Мама, которая слушала из соседней комнаты, как-то сказала мне:
– Я думаю, что никакого толку от этих сказок не будет. Говорит один Готье, а тебя совсем не слышно. Я думаю, что ты и не понимаешь, что говорит Готье, а уж сам говорить никогда не научишься.
Я обиделся и за Готье, и за себя и свободно хорошим французским языком стал пересказывать то, что в последний урок слышал от Готье.
Впоследствии практики французского разговора я имел мало и многое забыл, но, во всяком случае, и теперь достаточно хорошо понимаю французскую речь и читаю по-французски, а когда попадал во Францию, то быстро всё вспоминал и объяснялся вполне удовлетворительно.
Английскому языку я учился уже совсем взрослым человеком. Уроки брал в Гейдельберге в школе Бёрлица{85}. Довольно быстро овладел разговорной речью, так что мог в Англии более или менее порядочно разговаривать, но потом так же быстро, как научился, забыл английский – в памяти остались лишь отдельные слова.
Приобщение к церковным службам
В первый раз я говел и исповедовался восьми лет от роду на Страстной неделе{86}. На этой неделе говели буквально все, и дома темой разговоров были преимущественно церковные службы и предстоящие праздники. Все ходили в университетскую церковь{87} к обедне и всенощной и причащались в Великий Четверг. Настя (Кусенька) особенно покровительствовала исполнению мной поста. Когда я подрос, ходил с Настей в храм Спасителя{88} в ночь с пятницы на субботу на службу Погребения, которая здесь совершалась с большой торжественностью, и хотя стоять всю ночь без сна было тяжело, необычайная торжественность службы и сама трудность стояния производили сильное впечатление.
Первым моим духовником был профессор богословия Московского университета Сергиевский. Этот строгий старик замечательно картинно служил и в Великий Четверг сам читал двенадцать Евангелий, слушать которые всегда собиралось множество народа – и университетских, и к университету не имеющих никакого отношения, так что большая церковь сплошь наполнялась московской интеллигенцией. По старинному обычаю женщины занимали в церкви левую половину, а мужчины – правую, куда становился и я, как только стал говеть и исповедоваться.
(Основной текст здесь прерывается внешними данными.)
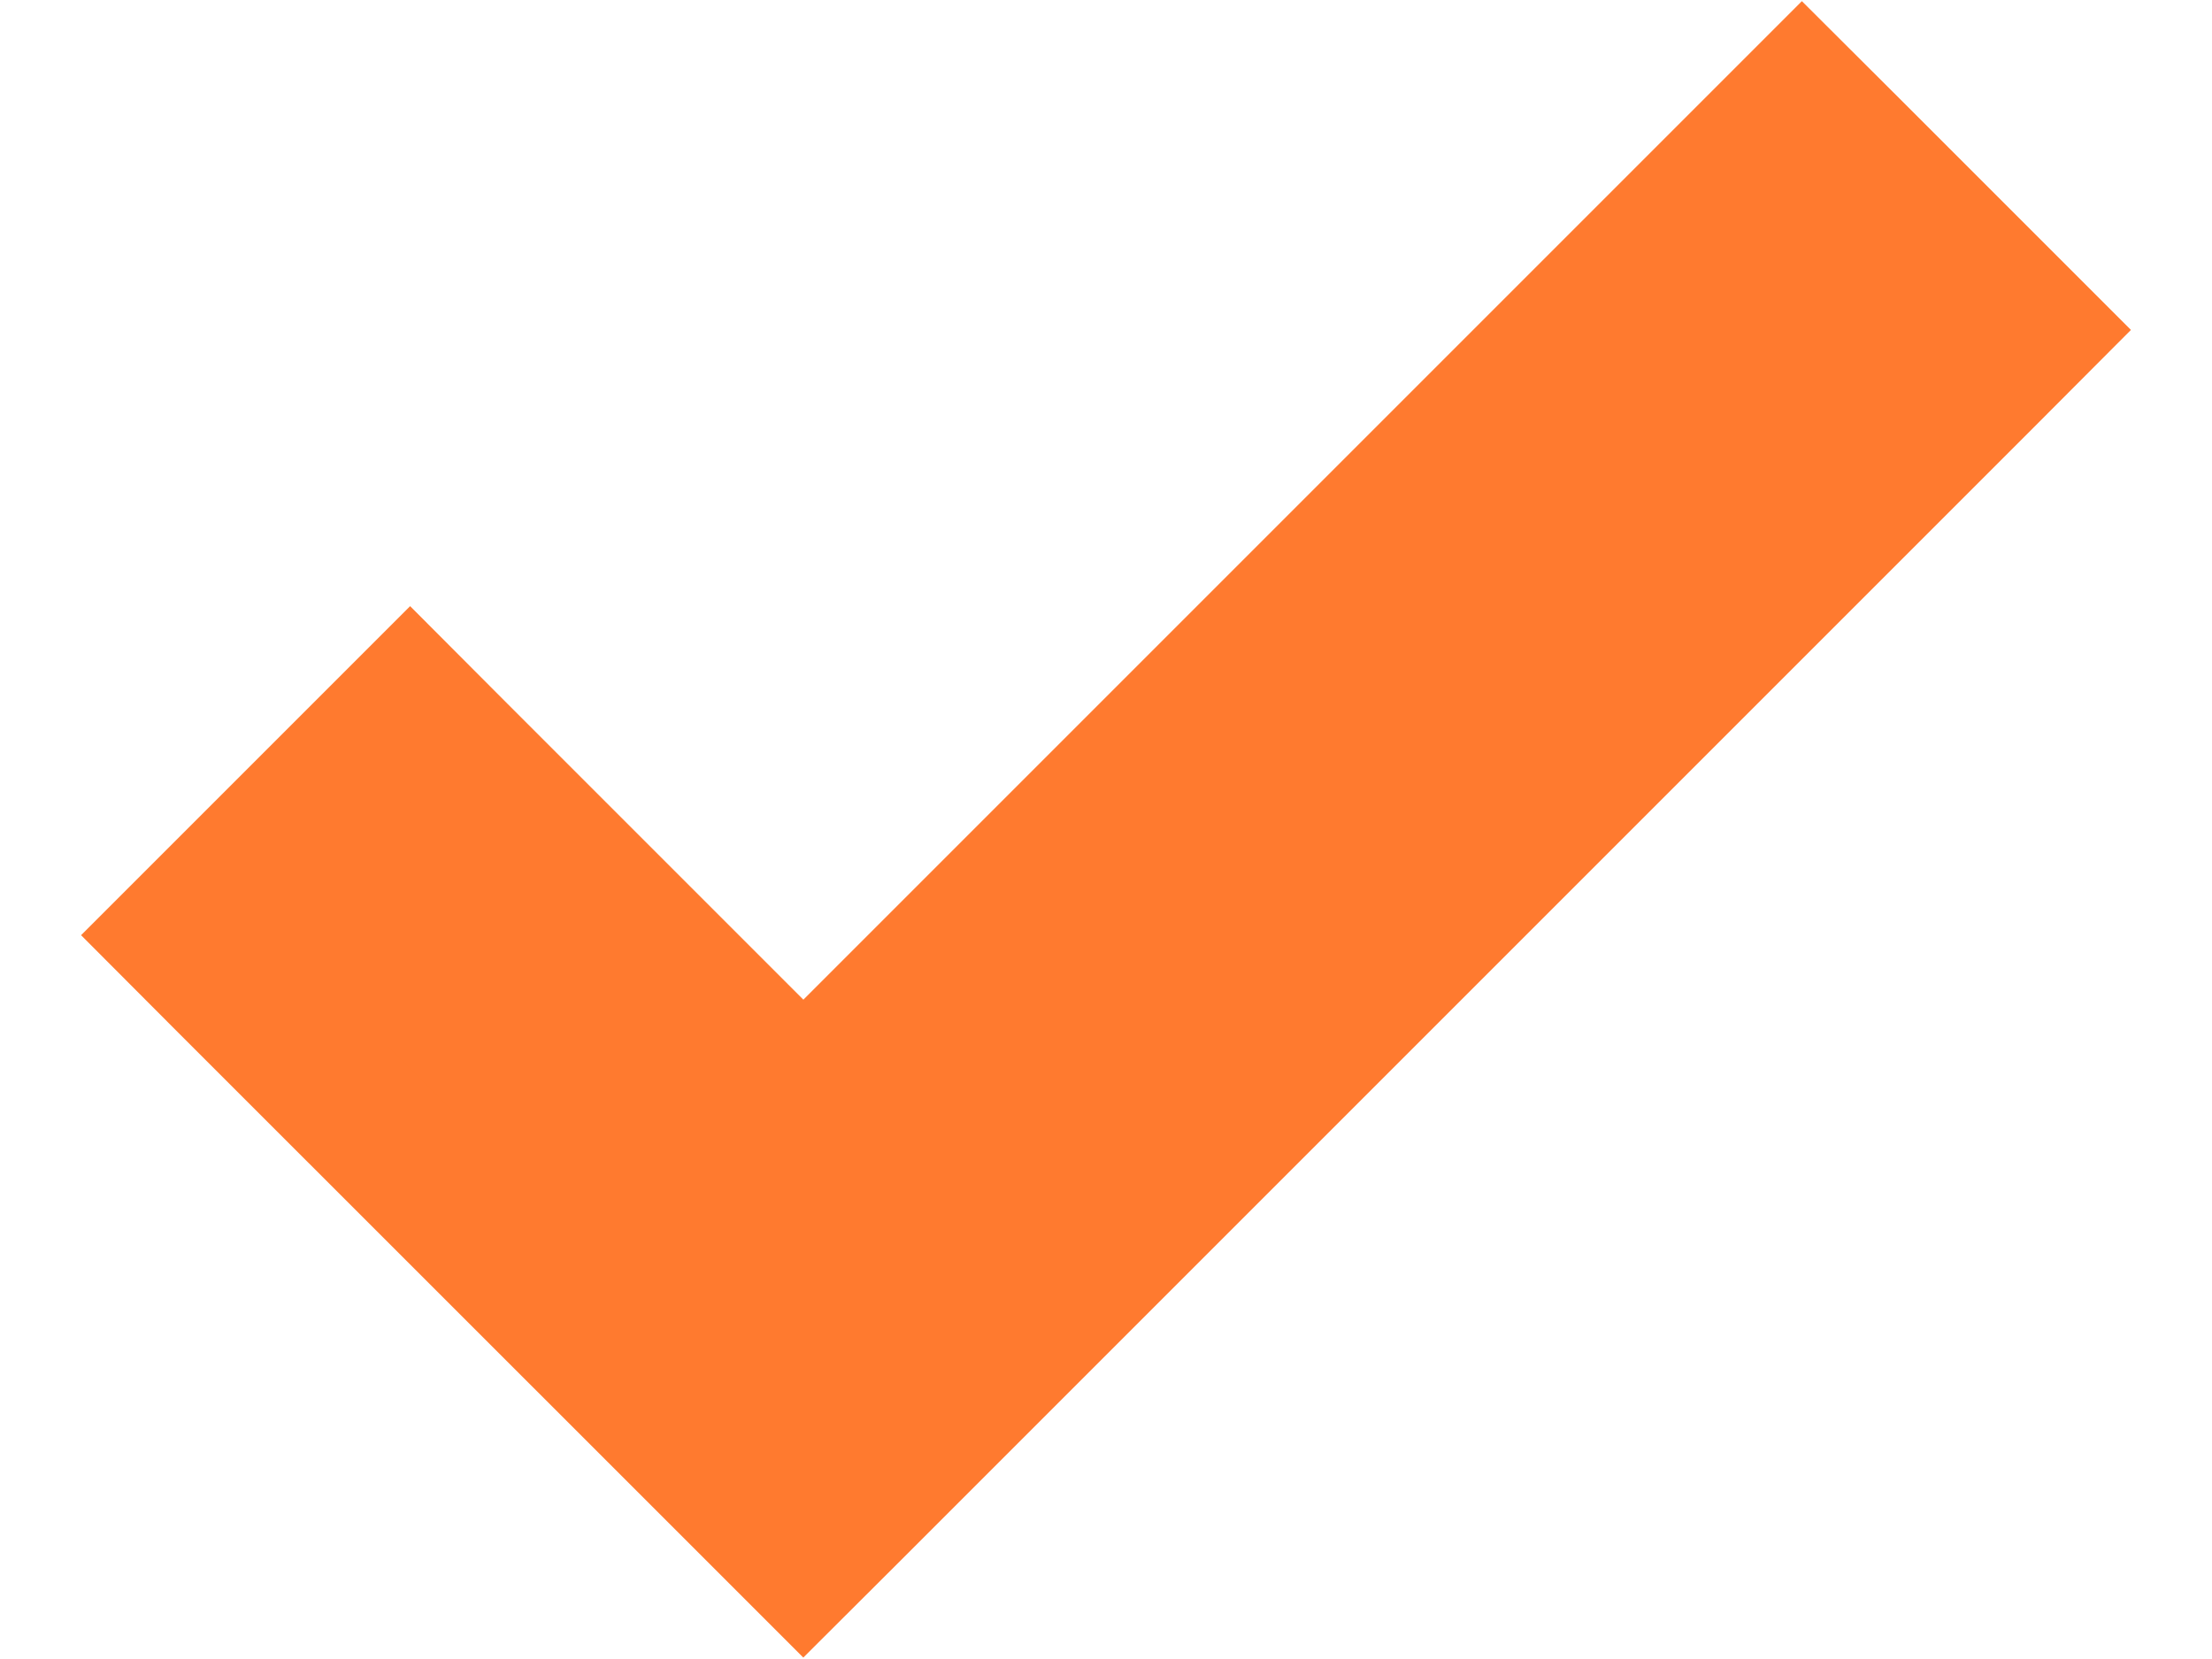 <?xml version="1.0" encoding="UTF-8"?> <svg xmlns="http://www.w3.org/2000/svg" width="16" height="12" viewBox="0 0 16 12" fill="none"> <path d="M13.388 1.068L13.034 0.715L12.681 1.068L5.811 7.938L3.319 5.446L2.966 5.092L2.612 5.446L1.646 6.412L1.293 6.765L1.646 7.119L5.458 10.93L5.811 11.283L6.165 10.93L14.354 2.741L14.707 2.387L14.354 2.034L13.388 1.068Z" fill="#FF7A2F" stroke="#FF7A2F"></path> </svg>

Перед первой исповедью я сильно волновался. Чтобы не забыть, что мне надо сказать духовнику, у меня была приготовлена записка, которую я крепко держал в руке. Но пользоваться запиской не пришлось. Когда я взошёл на правый клирос за ширму, где исповедовал Сергиевский, и положил земной поклон перед Крестом и Евангелием на аналое, я стал перед Сергиевским, сидевшим на стуле. Сергиевский подвинул меня близко к себе и начал наставлять, как я должен себя вести, как относиться к окружающим людям, особенно к родителям. Он говорил умно и убедительно, потом велел стать на колени, положил епитрахиль мне на голову и прочитал отпускную молитву. Этим моя первая исповедь и была закончена. Я почувствовал большое облегчение, и это поучение Сергиевского навсегда осталось хорошим воспоминанием из детских лет.
В четверг после обедни и причастия приходили домой, приносили в чистой салфетке порядочный узелок очень вкусных просфир{89}, которые выдавались каждому из причастников. А дома уже были готовы постный пирог и чай с кагором.